TASK PROMPT — The string "cabinet" appears in some lines of the entries that follow; copy each such line.

[Source data]
______

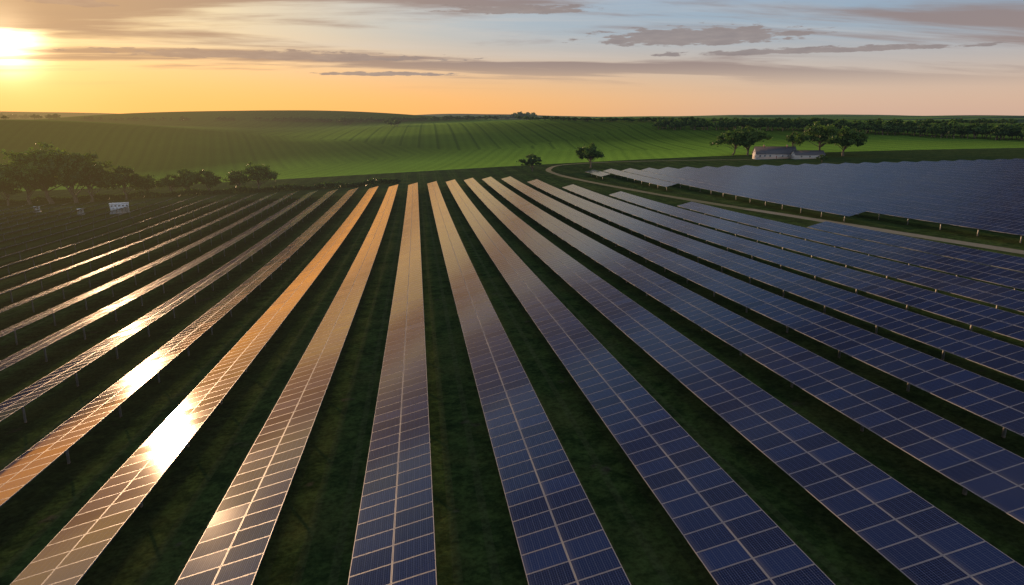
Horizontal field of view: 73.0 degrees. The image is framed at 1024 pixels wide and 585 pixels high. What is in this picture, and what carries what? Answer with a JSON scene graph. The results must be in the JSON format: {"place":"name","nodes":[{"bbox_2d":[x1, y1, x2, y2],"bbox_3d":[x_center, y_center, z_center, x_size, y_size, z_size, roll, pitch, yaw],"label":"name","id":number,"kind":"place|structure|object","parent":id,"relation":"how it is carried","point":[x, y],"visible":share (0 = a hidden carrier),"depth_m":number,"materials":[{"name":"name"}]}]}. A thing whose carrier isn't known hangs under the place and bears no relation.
{"place":"outdoors","nodes":[
{"label":"outdoors","id":0,"kind":"place"},
{"bbox_2d":[0,110,1023,584],"bbox_3d":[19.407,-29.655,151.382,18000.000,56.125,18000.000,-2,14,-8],"label":"ground","id":1,"kind":"structure","parent":0,"point":[162,530],"depth_m":64.78,"materials":[{"name":"green plant"}]},
{"bbox_2d":[0,179,21,205],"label":"tree","id":2,"kind":"object","parent":1,"relation":"on","point":[10,190],"visible":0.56,"depth_m":242.59,"materials":[{"name":"green plant"}]},
{"bbox_2d":[0,160,55,204],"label":"tree","id":3,"kind":"object","parent":1,"relation":"on","point":[24,184],"visible":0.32,"depth_m":240.98,"materials":[{"name":"green plant"}]},
{"bbox_2d":[33,206,41,212],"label":"electrical cabinet","id":4,"kind":"object","parent":1,"relation":"on","point":[37,208],"visible":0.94,"depth_m":219.88,"materials":[{"name":"metal"}]},
{"bbox_2d":[0,142,110,203],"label":"tree","id":5,"kind":"object","parent":1,"relation":"on","point":[28,165],"visible":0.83,"depth_m":236.58,"materials":[{"name":"green plant"}]},
{"bbox_2d":[39,150,114,202],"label":"tree","id":6,"kind":"object","parent":1,"relation":"on","point":[65,166],"visible":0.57,"depth_m":239.88,"materials":[{"name":"green plant"}]},
{"bbox_2d":[77,208,84,214],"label":"electrical cabinet","id":7,"kind":"object","parent":1,"relation":"on","point":[81,211],"visible":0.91,"depth_m":208.09,"materials":[{"name":"metal"}]},
{"bbox_2d":[55,161,125,201],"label":"tree","id":8,"kind":"object","parent":1,"relation":"on","point":[97,180],"visible":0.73,"depth_m":243.84,"materials":[{"name":"green plant"}]},
{"bbox_2d":[109,202,130,213],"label":"inverter station","id":9,"kind":"object","parent":1,"relation":"on","point":[115,206],"visible":0.92,"depth_m":207.43,"materials":[{"name":"paint"}]},
{"bbox_2d":[105,165,153,199],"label":"tree","id":10,"kind":"object","parent":1,"relation":"on","point":[133,180],"visible":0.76,"depth_m":249.95,"materials":[{"name":"green plant"}]},
{"bbox_2d":[134,175,165,190],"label":"tree","id":11,"kind":"object","parent":1,"relation":"on","point":[156,184],"visible":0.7,"depth_m":256.32,"materials":[{"name":"green plant"}]},
{"bbox_2d":[159,174,180,191],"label":"tree","id":12,"kind":"object","parent":1,"relation":"on","point":[165,181],"visible":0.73,"depth_m":255.04,"materials":[{"name":"green plant"}]},
{"bbox_2d":[175,168,204,194],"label":"tree","id":13,"kind":"object","parent":1,"relation":"on","point":[188,177],"visible":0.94,"depth_m":254.56,"materials":[{"name":"green plant"}]},
{"bbox_2d":[0,178,402,204],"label":"hedge row","id":14,"kind":"object","parent":1,"relation":"on","point":[147,194],"visible":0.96,"depth_m":256.80,"materials":[{"name":"green plant"}]},
{"bbox_2d":[192,169,221,190],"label":"tree","id":15,"kind":"object","parent":1,"relation":"on","point":[209,179],"visible":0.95,"depth_m":255.43,"materials":[{"name":"green plant"}]},
{"bbox_2d":[222,169,248,185],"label":"tree","id":16,"kind":"object","parent":1,"relation":"on","point":[233,178],"visible":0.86,"depth_m":257.78,"materials":[{"name":"green plant"}]},
{"bbox_2d":[238,161,279,189],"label":"tree","id":17,"kind":"object","parent":1,"relation":"on","point":[258,172],"visible":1,"depth_m":254.58,"materials":[{"name":"green plant"}]},
{"bbox_2d":[340,117,349,122],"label":"tree","id":18,"kind":"object","parent":1,"relation":"on","point":[345,120],"visible":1,"depth_m":821.39,"materials":[{"name":"green plant"}]},
{"bbox_2d":[0,172,1021,506],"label":"support posts","id":19,"kind":"object","parent":1,"relation":"on","point":[964,490],"visible":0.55,"depth_m":121.77,"materials":[{"name":"metal"}]},
{"bbox_2d":[0,159,1023,584],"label":"panel backsheets","id":20,"kind":"object","parent":1,"relation":"on","point":[568,371],"visible":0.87,"depth_m":52.90,"materials":[{"name":"grey plastic"}]},
{"bbox_2d":[0,158,1023,584],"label":"solar panels","id":21,"kind":"object","parent":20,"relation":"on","point":[728,560],"visible":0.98,"depth_m":46.14,"materials":[{"name":"blue glass"}]},
{"bbox_2d":[516,112,527,115],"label":"tree","id":22,"kind":"object","parent":1,"relation":"on","point":[520,114],"visible":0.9,"depth_m":1768.66,"materials":[{"name":"green plant"}]},
{"bbox_2d":[516,154,541,170],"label":"tree","id":23,"kind":"object","parent":1,"relation":"on","point":[531,161],"visible":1,"depth_m":289.85,"materials":[{"name":"green plant"}]},
{"bbox_2d":[575,142,604,167],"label":"tree","id":24,"kind":"object","parent":1,"relation":"on","point":[589,152],"visible":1,"depth_m":294.19,"materials":[{"name":"green plant"}]},
{"bbox_2d":[652,119,664,128],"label":"tree","id":25,"kind":"object","parent":1,"relation":"on","point":[658,123],"visible":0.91,"depth_m":574.45,"materials":[{"name":"green plant"}]},
{"bbox_2d":[663,119,670,128],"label":"tree","id":26,"kind":"object","parent":1,"relation":"on","point":[665,121],"visible":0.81,"depth_m":577.54,"materials":[{"name":"green plant"}]},
{"bbox_2d":[669,121,681,127],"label":"tree","id":27,"kind":"object","parent":1,"relation":"on","point":[670,123],"visible":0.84,"depth_m":571.07,"materials":[{"name":"green plant"}]},
{"bbox_2d":[669,120,684,129],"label":"tree","id":28,"kind":"object","parent":1,"relation":"on","point":[675,123],"visible":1,"depth_m":570.21,"materials":[{"name":"green plant"}]},
{"bbox_2d":[689,116,698,127],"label":"tree","id":29,"kind":"object","parent":1,"relation":"on","point":[691,118],"visible":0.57,"depth_m":588.94,"materials":[{"name":"green plant"}]},
{"bbox_2d":[691,122,699,129],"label":"tree","id":30,"kind":"object","parent":1,"relation":"on","point":[694,124],"visible":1,"depth_m":570.13,"materials":[{"name":"green plant"}]},
{"bbox_2d":[703,120,711,129],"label":"tree","id":31,"kind":"object","parent":1,"relation":"on","point":[708,124],"visible":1,"depth_m":567.92,"materials":[{"name":"green plant"}]},
{"bbox_2d":[722,121,730,129],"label":"tree","id":32,"kind":"object","parent":1,"relation":"on","point":[726,125],"visible":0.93,"depth_m":565.41,"materials":[{"name":"green plant"}]},
{"bbox_2d":[709,128,747,154],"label":"tree","id":33,"kind":"object","parent":1,"relation":"on","point":[732,137],"visible":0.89,"depth_m":340.75,"materials":[{"name":"green plant"}]},
{"bbox_2d":[727,118,742,127],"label":"tree","id":34,"kind":"object","parent":1,"relation":"on","point":[736,121],"visible":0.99,"depth_m":564.55,"materials":[{"name":"green plant"}]},
{"bbox_2d":[741,120,756,126],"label":"tree","id":35,"kind":"object","parent":1,"relation":"on","point":[749,122],"visible":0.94,"depth_m":558.36,"materials":[{"name":"green plant"}]},
{"bbox_2d":[735,126,771,154],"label":"tree","id":36,"kind":"object","parent":1,"relation":"on","point":[753,135],"visible":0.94,"depth_m":336.27,"materials":[{"name":"green plant"}]},
{"bbox_2d":[757,118,767,129],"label":"tree","id":37,"kind":"object","parent":1,"relation":"on","point":[760,121],"visible":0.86,"depth_m":555.85,"materials":[{"name":"green plant"}]},
{"bbox_2d":[761,120,772,130],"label":"tree","id":38,"kind":"object","parent":1,"relation":"on","point":[767,125],"visible":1,"depth_m":553.88,"materials":[{"name":"green plant"}]},
{"bbox_2d":[752,145,795,158],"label":"farmhouse","id":39,"kind":"object","parent":1,"relation":"on","point":[771,152],"visible":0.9,"depth_m":309.51,"materials":[{"name":"tile"}]},
{"bbox_2d":[768,119,779,130],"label":"tree","id":40,"kind":"object","parent":1,"relation":"on","point":[775,123],"visible":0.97,"depth_m":554.15,"materials":[{"name":"green plant"}]},
{"bbox_2d":[778,119,791,129],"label":"tree","id":41,"kind":"object","parent":1,"relation":"on","point":[781,121],"visible":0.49,"depth_m":559.11,"materials":[{"name":"green plant"}]},
{"bbox_2d":[786,131,807,145],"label":"tree","id":42,"kind":"object","parent":1,"relation":"on","point":[790,137],"visible":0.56,"depth_m":362.77,"materials":[{"name":"green plant"}]},
{"bbox_2d":[792,118,801,128],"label":"tree","id":43,"kind":"object","parent":1,"relation":"on","point":[798,122],"visible":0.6,"depth_m":552.19,"materials":[{"name":"green plant"}]},
{"bbox_2d":[796,120,811,130],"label":"tree","id":44,"kind":"object","parent":1,"relation":"on","point":[803,124],"visible":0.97,"depth_m":541.97,"materials":[{"name":"green plant"}]},
{"bbox_2d":[790,150,825,158],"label":"farm barn","id":45,"kind":"structure","parent":1,"relation":"on","point":[804,154],"depth_m":304.26,"materials":[{"name":"tile"}]},
{"bbox_2d":[793,121,838,149],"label":"tree","id":46,"kind":"object","parent":1,"relation":"on","point":[822,133],"visible":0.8,"depth_m":329.03,"materials":[{"name":"green plant"}]},
{"bbox_2d":[816,154,827,162],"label":"tree","id":47,"kind":"object","parent":1,"relation":"on","point":[821,157],"visible":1,"depth_m":278.41,"materials":[{"name":"green plant"}]},
{"bbox_2d":[831,120,844,126],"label":"tree","id":48,"kind":"object","parent":1,"relation":"on","point":[840,124],"visible":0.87,"depth_m":523.10,"materials":[{"name":"green plant"}]},
{"bbox_2d":[825,125,869,155],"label":"tree","id":49,"kind":"object","parent":1,"relation":"on","point":[846,137],"visible":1,"depth_m":312.29,"materials":[{"name":"green plant"}]},
{"bbox_2d":[845,121,854,128],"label":"tree","id":50,"kind":"object","parent":1,"relation":"on","point":[847,123],"visible":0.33,"depth_m":526.87,"materials":[{"name":"green plant"}]},
{"bbox_2d":[858,121,870,133],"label":"tree","id":51,"kind":"object","parent":1,"relation":"on","point":[865,126],"visible":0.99,"depth_m":511.76,"materials":[{"name":"green plant"}]},
{"bbox_2d":[868,120,882,133],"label":"tree","id":52,"kind":"object","parent":1,"relation":"on","point":[877,122],"visible":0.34,"depth_m":512.90,"materials":[{"name":"green plant"}]},
{"bbox_2d":[870,124,880,133],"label":"tree","id":53,"kind":"object","parent":1,"relation":"on","point":[875,127],"visible":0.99,"depth_m":508.47,"materials":[{"name":"green plant"}]},
{"bbox_2d":[876,122,891,134],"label":"tree","id":54,"kind":"object","parent":1,"relation":"on","point":[884,126],"visible":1,"depth_m":503.23,"materials":[{"name":"green plant"}]},
{"bbox_2d":[887,119,903,133],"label":"tree","id":55,"kind":"object","parent":1,"relation":"on","point":[899,122],"visible":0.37,"depth_m":508.17,"materials":[{"name":"green plant"}]},
{"bbox_2d":[891,126,903,133],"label":"tree","id":56,"kind":"object","parent":1,"relation":"on","point":[896,129],"visible":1,"depth_m":497.27,"materials":[{"name":"green plant"}]},
{"bbox_2d":[898,121,907,134],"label":"tree","id":57,"kind":"object","parent":1,"relation":"on","point":[903,126],"visible":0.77,"depth_m":501.68,"materials":[{"name":"green plant"}]},
{"bbox_2d":[908,122,919,135],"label":"tree","id":58,"kind":"object","parent":1,"relation":"on","point":[915,124],"visible":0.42,"depth_m":493.51,"materials":[{"name":"green plant"}]},
{"bbox_2d":[910,123,927,136],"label":"tree","id":59,"kind":"object","parent":1,"relation":"on","point":[921,128],"visible":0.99,"depth_m":483.30,"materials":[{"name":"green plant"}]},
{"bbox_2d":[925,123,938,136],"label":"tree","id":60,"kind":"object","parent":1,"relation":"on","point":[928,129],"visible":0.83,"depth_m":475.01,"materials":[{"name":"green plant"}]},
{"bbox_2d":[927,126,940,137],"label":"tree","id":61,"kind":"object","parent":1,"relation":"on","point":[931,132],"visible":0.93,"depth_m":474.35,"materials":[{"name":"green plant"}]},
{"bbox_2d":[931,126,947,137],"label":"tree","id":62,"kind":"object","parent":1,"relation":"on","point":[942,129],"visible":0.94,"depth_m":470.93,"materials":[{"name":"green plant"}]},
{"bbox_2d":[944,125,952,137],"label":"tree","id":63,"kind":"object","parent":1,"relation":"on","point":[946,127],"visible":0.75,"depth_m":470.34,"materials":[{"name":"green plant"}]},
{"bbox_2d":[947,121,953,136],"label":"tree","id":64,"kind":"object","parent":1,"relation":"on","point":[949,124],"visible":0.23,"depth_m":477.40,"materials":[{"name":"green plant"}]},
{"bbox_2d":[947,125,962,138],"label":"tree","id":65,"kind":"object","parent":1,"relation":"on","point":[955,128],"visible":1,"depth_m":463.10,"materials":[{"name":"green plant"}]},
{"bbox_2d":[955,125,965,137],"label":"tree","id":66,"kind":"object","parent":1,"relation":"on","point":[960,132],"visible":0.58,"depth_m":468.44,"materials":[{"name":"green plant"}]},
{"bbox_2d":[960,125,973,137],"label":"tree","id":67,"kind":"object","parent":1,"relation":"on","point":[968,132],"visible":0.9,"depth_m":462.39,"materials":[{"name":"green plant"}]},
{"bbox_2d":[963,123,984,135],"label":"tree","id":68,"kind":"object","parent":1,"relation":"on","point":[967,127],"visible":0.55,"depth_m":462.86,"materials":[{"name":"green plant"}]},
{"bbox_2d":[971,124,987,138],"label":"tree","id":69,"kind":"object","parent":1,"relation":"on","point":[979,130],"visible":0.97,"depth_m":458.73,"materials":[{"name":"green plant"}]},
{"bbox_2d":[986,123,993,138],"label":"tree","id":70,"kind":"object","parent":1,"relation":"on","point":[990,125],"visible":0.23,"depth_m":458.38,"materials":[{"name":"green plant"}]},
{"bbox_2d":[987,125,1011,139],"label":"tree","id":71,"kind":"object","parent":1,"relation":"on","point":[997,130],"visible":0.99,"depth_m":442.54,"materials":[{"name":"green plant"}]},
{"bbox_2d":[1006,123,1022,139],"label":"tree","id":72,"kind":"object","parent":1,"relation":"on","point":[1011,126],"visible":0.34,"depth_m":444.24,"materials":[{"name":"green plant"}]},
{"bbox_2d":[1009,124,1023,139],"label":"tree","id":73,"kind":"object","parent":1,"relation":"on","point":[1014,129],"visible":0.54,"depth_m":439.60,"materials":[{"name":"green plant"}]},
{"bbox_2d":[1018,127,1023,136],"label":"tree","id":74,"kind":"object","parent":1,"relation":"on","point":[1022,133],"visible":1,"depth_m":429.76,"materials":[{"name":"green plant"}]},
{"bbox_2d":[0,0,1023,116],"label":"sky","id":75,"kind":"structure","parent":0,"point":[592,58],"materials":[{"name":"orange"}]},
{"bbox_2d":[546,160,1023,253],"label":"gravel track","id":76,"kind":"structure","parent":0,"point":[903,233],"depth_m":130.30,"materials":[{"name":"gravel"}]}
]}

______

RESULT OF THIS EXERCISE —
{"bbox_2d":[33,206,41,212],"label":"electrical cabinet","id":4,"kind":"object","parent":1,"relation":"on","point":[37,208],"visible":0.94,"depth_m":219.88,"materials":[{"name":"metal"}]},
{"bbox_2d":[77,208,84,214],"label":"electrical cabinet","id":7,"kind":"object","parent":1,"relation":"on","point":[81,211],"visible":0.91,"depth_m":208.09,"materials":[{"name":"metal"}]},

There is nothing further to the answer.